Task prompt
Could you reproduce all the entries under this sentence exactly, leaving the images aside?

Dataset records
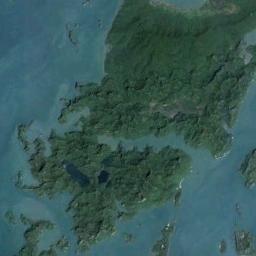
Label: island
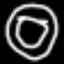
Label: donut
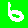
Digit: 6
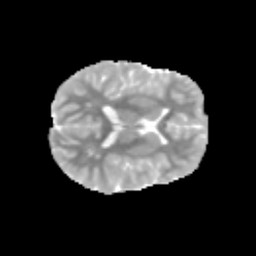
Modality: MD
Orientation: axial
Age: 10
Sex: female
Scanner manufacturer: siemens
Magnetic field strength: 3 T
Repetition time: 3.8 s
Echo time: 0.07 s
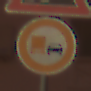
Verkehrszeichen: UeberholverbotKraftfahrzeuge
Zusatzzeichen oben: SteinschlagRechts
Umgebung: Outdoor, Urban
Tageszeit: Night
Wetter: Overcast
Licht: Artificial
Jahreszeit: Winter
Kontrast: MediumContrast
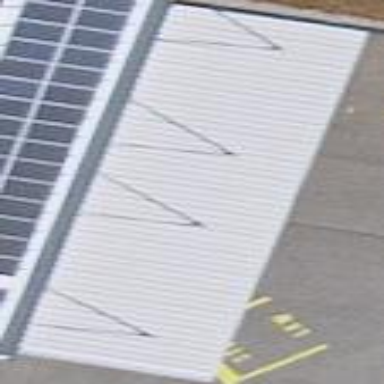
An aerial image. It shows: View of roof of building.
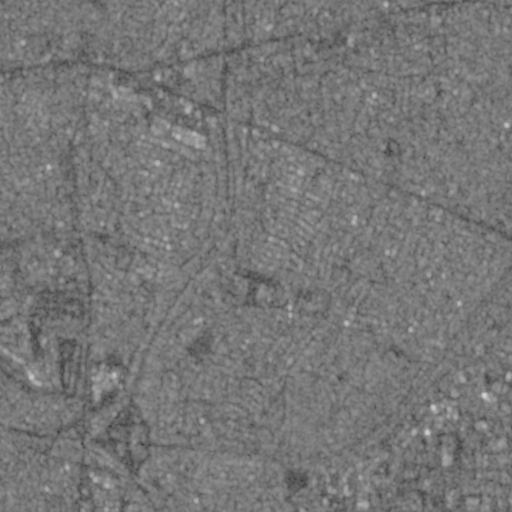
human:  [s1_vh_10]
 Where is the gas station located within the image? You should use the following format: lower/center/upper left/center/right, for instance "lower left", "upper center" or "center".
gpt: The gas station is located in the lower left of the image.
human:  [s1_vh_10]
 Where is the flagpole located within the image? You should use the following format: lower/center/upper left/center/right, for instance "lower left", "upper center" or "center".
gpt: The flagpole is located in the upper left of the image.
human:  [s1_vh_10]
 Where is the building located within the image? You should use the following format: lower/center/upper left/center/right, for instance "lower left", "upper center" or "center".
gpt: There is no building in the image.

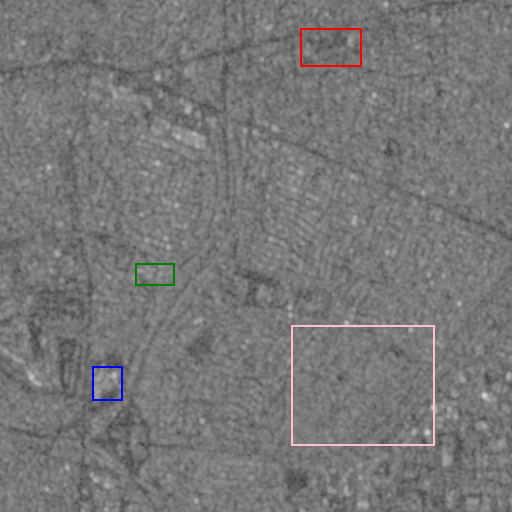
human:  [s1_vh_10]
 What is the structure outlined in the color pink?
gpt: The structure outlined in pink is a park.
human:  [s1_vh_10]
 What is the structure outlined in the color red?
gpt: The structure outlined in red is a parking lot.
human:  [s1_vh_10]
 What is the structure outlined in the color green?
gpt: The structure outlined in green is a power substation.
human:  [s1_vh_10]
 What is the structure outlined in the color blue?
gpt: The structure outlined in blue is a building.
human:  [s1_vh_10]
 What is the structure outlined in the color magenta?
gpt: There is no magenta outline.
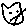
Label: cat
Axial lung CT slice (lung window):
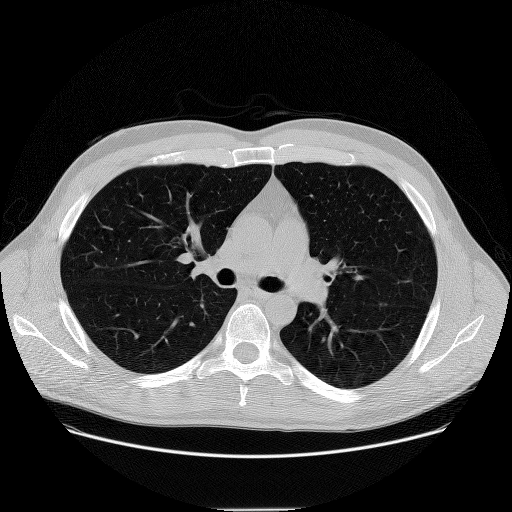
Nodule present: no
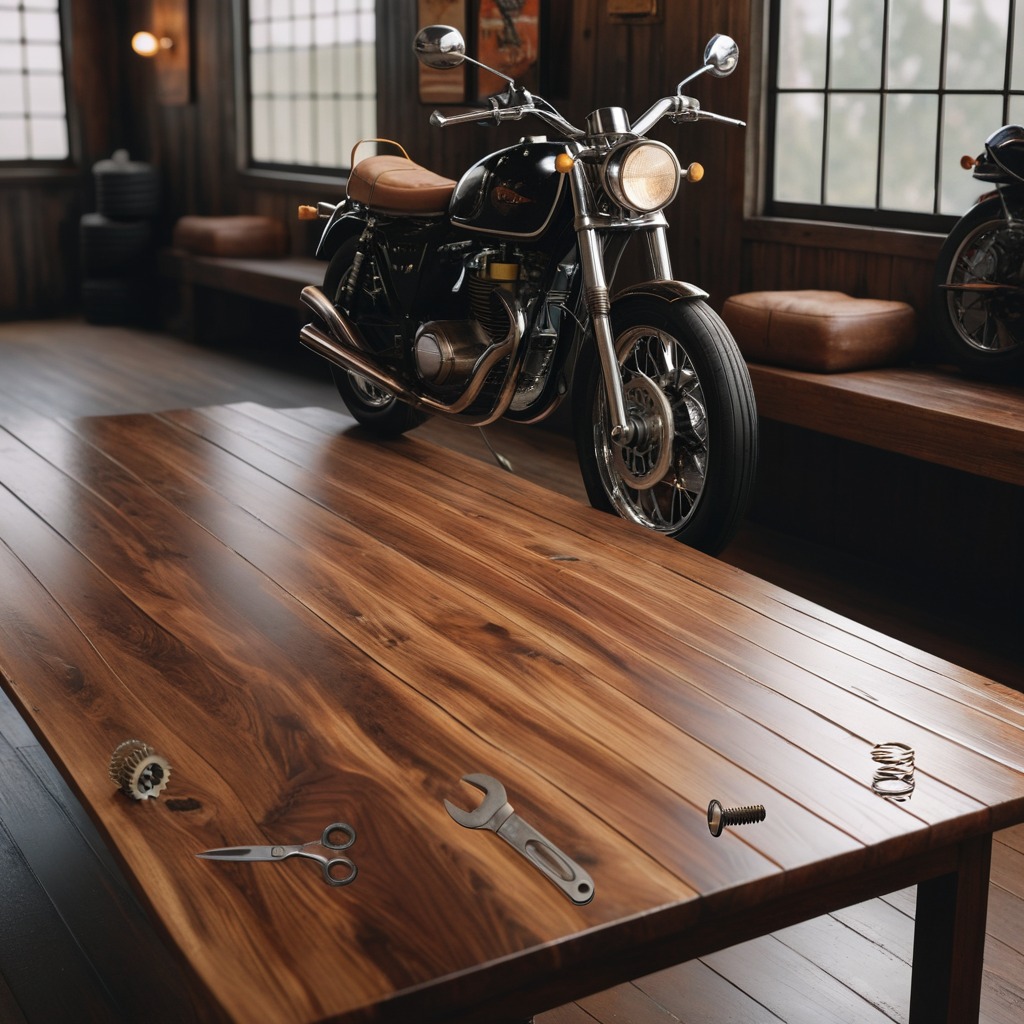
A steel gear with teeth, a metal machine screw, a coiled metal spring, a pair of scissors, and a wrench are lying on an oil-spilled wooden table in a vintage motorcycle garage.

Task response
Label: island
Label: donut
Digit: 6
Modality: MD
Orientation: axial
Age: 10
Sex: female
Scanner manufacturer: siemens
Magnetic field strength: 3 T
Repetition time: 3.8 s
Echo time: 0.07 s
Verkehrszeichen: UeberholverbotKraftfahrzeuge
Zusatzzeichen oben: SteinschlagRechts
Umgebung: Outdoor, Urban
Tageszeit: Night
Wetter: Overcast
Licht: Artificial
Jahreszeit: Winter
Kontrast: MediumContrast
An aerial image. It shows: View of roof of building.
human:  [s1_vh_10]
 Where is the gas station located within the image? You should use the following format: lower/center/upper left/center/right, for instance "lower left", "upper center" or "center".
gpt: The gas station is located in the lower left of the image.
human:  [s1_vh_10]
 Where is the flagpole located within the image? You should use the following format: lower/center/upper left/center/right, for instance "lower left", "upper center" or "center".
gpt: The flagpole is located in the upper left of the image.
human:  [s1_vh_10]
 Where is the building located within the image? You should use the following format: lower/center/upper left/center/right, for instance "lower left", "upper center" or "center".
gpt: There is no building in the image.

human:  [s1_vh_10]
 What is the structure outlined in the color pink?
gpt: The structure outlined in pink is a park.
human:  [s1_vh_10]
 What is the structure outlined in the color red?
gpt: The structure outlined in red is a parking lot.
human:  [s1_vh_10]
 What is the structure outlined in the color green?
gpt: The structure outlined in green is a power substation.
human:  [s1_vh_10]
 What is the structure outlined in the color blue?
gpt: The structure outlined in blue is a building.
human:  [s1_vh_10]
 What is the structure outlined in the color magenta?
gpt: There is no magenta outline.
Label: cat
Axial lung CT slice (lung window):
Nodule present: no
A steel gear with teeth, a metal machine screw, a coiled metal spring, a pair of scissors, and a wrench are lying on an oil-spilled wooden table in a vintage motorcycle garage.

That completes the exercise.